The ETERNALS (2021) Take
When I try to make sense of the intense discourse surrounding ETERNALS, I think about the film Marvel Studios promised. Where previous films seemed all too enamored with the here and now, and its quirky outsiders rebuilding a military-industrial complex in their image, full of diversity, quip-happy charm and good intentions, Eternals was to be a grand historical epic, a tale of almost but not quite human immortal warriors tasked with a mission of a scale so great as to be imperceptible by an all-too small world. Where the Russos made us bask in the unreality of digital sets and Saturday morning action, Eternals was to be about the majesty of the real world, and the great human drama of people whose every action is world-changing. Where every other Marvel movie might as well not have been directed by anyone, this project had gotten future Oscar winner Chloe Zhao involved, and ready to bring some artistic cred to a movie serial that had been desperate for it.
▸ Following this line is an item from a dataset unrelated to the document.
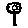
Label: flower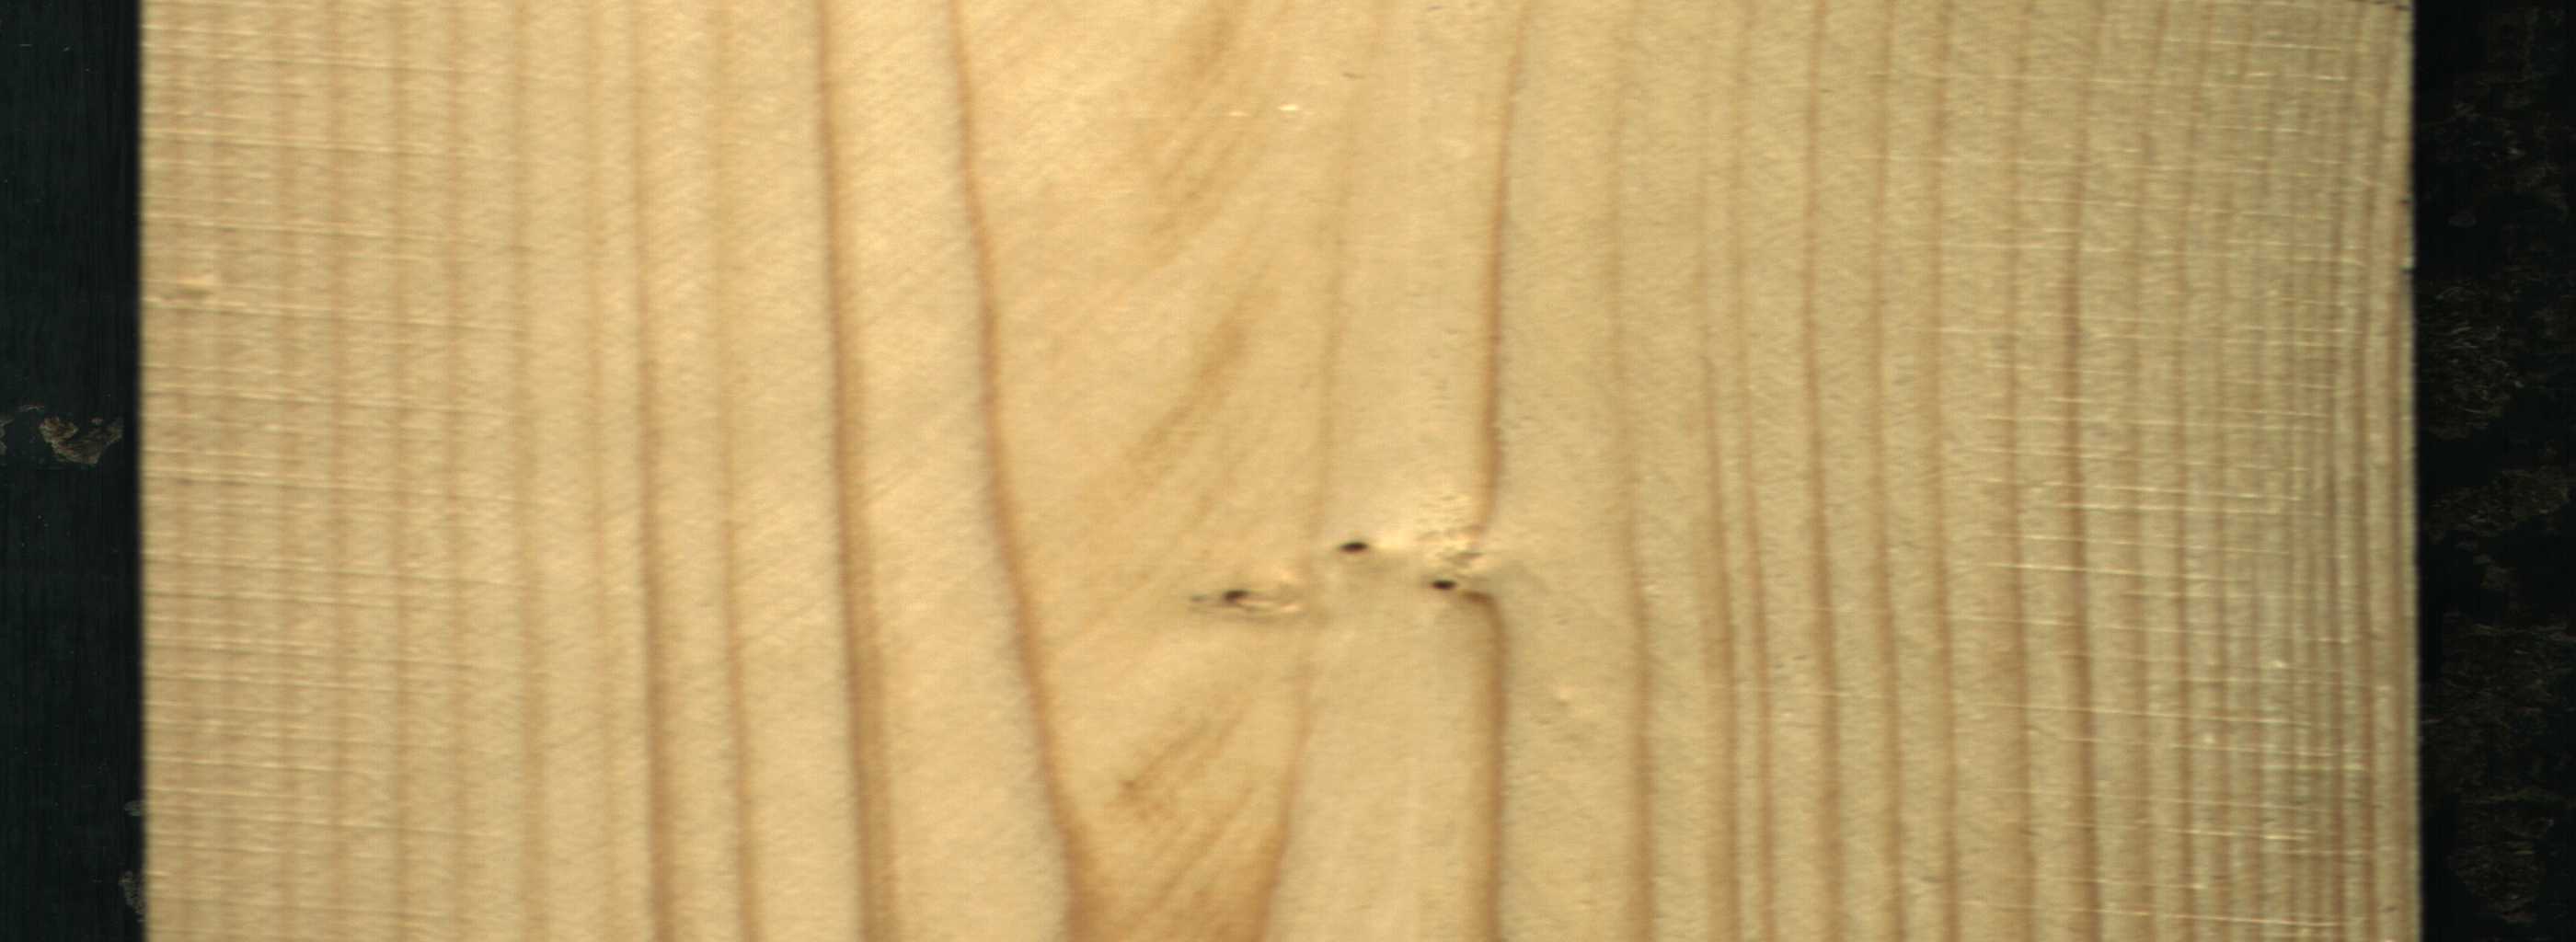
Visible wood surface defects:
Dead_Knot
Dead_Knot
Dead_Knot

You need only look at the footage Marvel Studios has freely released through clips and trailers to know that ETERNALS is not that film. That many things happened on the way from then to now, each bringing compromises of varying sizes, leading to one of the most costly acts of misunderstanding in the contemporary history of the comic book adaptation. In tracing back the cracks through the edifice, you arrive at a foundational mistake: the Eternals was not a Chloe Zhao movie from the very start.
This is the domain of Jack Kirby, and every good reinterpretation of the concept, whether done by John Romita Jr. or Esad Ribic, maintains at least some of the epic bombast. That, in itself, is the perfect diametrical opposite of Zhao's cinema, focused as it is on the quiet intimacy of individuals as part of the world they live in. The sprawling vistas of Nomadland exist, in part, to put Frances McDormand's Fern in relation with the vastness of the world, putting the film's feeling into picture. It's a great framework, but it doesn't work for the Eternals, who are designed to struggle against their own lack of an inner life. The Eternals were made by the Celestials with a clear purpose, like tools, and their selves were programmed for specific uses. Their interpersonal dramas, their ideological conflicts, are just what happens when those traits are left to clash with one another on their own. That's the hook, that's the truth at the heart of the best Eternals comics. Ikaris isn't really human, and then again, are we really all that human either?
Anyway, none of those big questions make it into the movie, which instead follows the bog standard formula of "getting the band back together because the CGI monstrosities have awakened once more". It's an action comedy on a slightly larger scale, with a larger number of self-serious action heroes, matched with a larger number of comedic foils. Let us do what many on Twitter have done before us and consider Kingo, as perfect a case study of ETERNALS' faults as there is. Changing Kingo's character, from dour guy with a sword to funny guy who does finger blasts, is a choice as defensible as any other, and Kumail Nanjiani plays the part as well as he can. But on a fundamental level, you can see the shtick beneath: this is a relatable everyman actor turned into something he is exactly not through a ludicrously intense training and dieting regimen that has left his body looking like it was left to dry age for several years.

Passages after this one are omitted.